DATASET RECORDS ::
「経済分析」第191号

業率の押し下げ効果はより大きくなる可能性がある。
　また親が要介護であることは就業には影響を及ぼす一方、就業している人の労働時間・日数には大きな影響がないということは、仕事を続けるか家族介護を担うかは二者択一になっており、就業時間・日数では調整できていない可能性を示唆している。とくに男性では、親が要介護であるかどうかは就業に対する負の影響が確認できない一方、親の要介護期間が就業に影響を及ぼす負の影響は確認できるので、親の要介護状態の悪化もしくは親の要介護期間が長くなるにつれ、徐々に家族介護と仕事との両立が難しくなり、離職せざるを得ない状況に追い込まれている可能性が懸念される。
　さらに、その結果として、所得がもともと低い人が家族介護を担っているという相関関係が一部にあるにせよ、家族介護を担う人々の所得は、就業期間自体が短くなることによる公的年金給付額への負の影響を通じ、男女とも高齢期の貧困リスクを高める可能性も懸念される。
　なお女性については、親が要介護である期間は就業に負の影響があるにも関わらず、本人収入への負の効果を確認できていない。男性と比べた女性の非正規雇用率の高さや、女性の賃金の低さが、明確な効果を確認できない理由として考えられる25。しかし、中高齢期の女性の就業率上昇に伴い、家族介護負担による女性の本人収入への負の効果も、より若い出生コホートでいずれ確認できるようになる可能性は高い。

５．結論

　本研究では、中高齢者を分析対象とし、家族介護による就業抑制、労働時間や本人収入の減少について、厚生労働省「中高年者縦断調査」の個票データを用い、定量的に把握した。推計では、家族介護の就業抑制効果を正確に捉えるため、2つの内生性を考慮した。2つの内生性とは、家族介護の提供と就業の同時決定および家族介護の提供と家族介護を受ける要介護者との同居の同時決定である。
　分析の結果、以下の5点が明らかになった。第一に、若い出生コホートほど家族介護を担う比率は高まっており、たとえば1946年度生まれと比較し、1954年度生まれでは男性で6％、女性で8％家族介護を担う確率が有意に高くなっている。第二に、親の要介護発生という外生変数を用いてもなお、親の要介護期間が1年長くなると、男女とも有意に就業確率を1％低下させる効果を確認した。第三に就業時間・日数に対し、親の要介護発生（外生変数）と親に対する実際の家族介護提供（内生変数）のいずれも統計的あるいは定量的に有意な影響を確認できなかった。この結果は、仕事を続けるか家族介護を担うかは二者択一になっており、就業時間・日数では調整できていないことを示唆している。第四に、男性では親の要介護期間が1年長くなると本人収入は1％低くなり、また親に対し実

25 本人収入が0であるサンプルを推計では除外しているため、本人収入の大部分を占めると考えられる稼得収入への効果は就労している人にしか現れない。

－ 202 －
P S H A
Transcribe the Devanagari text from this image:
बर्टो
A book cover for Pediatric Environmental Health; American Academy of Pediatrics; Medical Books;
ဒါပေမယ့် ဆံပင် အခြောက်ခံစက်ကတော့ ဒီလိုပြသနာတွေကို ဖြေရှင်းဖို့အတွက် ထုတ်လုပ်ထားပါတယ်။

AIM OF THE EXERCISE :: From the listing above, copy out each line where the word "仕事を続けるか家族介護を担うかは二者択一になっており" appears.

RESPONSE TO THE TASK ::
　また親が要介護であることは就業には影響を及ぼす一方、就業している人の労働時間・日数には大きな影響がないということは、仕事を続けるか家族介護を担うかは二者択一になっており、就業時間・日数では調整できていない可能性を示唆している。とくに男性では、親が要介護であるかどうかは就業に対する負の影響が確認できない一方、親の要介護期間が就業に影響を及ぼす負の影響は確認できるので、親の要介護状態の悪化もしくは親の要介護期間が長くなるにつれ、徐々に家族介護と仕事との両立が難しくなり、離職せざるを得ない状況に追い込まれている可能性が懸念される。
　分析の結果、以下の5点が明らかになった。第一に、若い出生コホートほど家族介護を担う比率は高まっており、たとえば1946年度生まれと比較し、1954年度生まれでは男性で6％、女性で8％家族介護を担う確率が有意に高くなっている。第二に、親の要介護発生という外生変数を用いてもなお、親の要介護期間が1年長くなると、男女とも有意に就業確率を1％低下させる効果を確認した。第三に就業時間・日数に対し、親の要介護発生（外生変数）と親に対する実際の家族介護提供（内生変数）のいずれも統計的あるいは定量的に有意な影響を確認できなかった。この結果は、仕事を続けるか家族介護を担うかは二者択一になっており、就業時間・日数では調整できていないことを示唆している。第四に、男性では親の要介護期間が1年長くなると本人収入は1％低くなり、また親に対し実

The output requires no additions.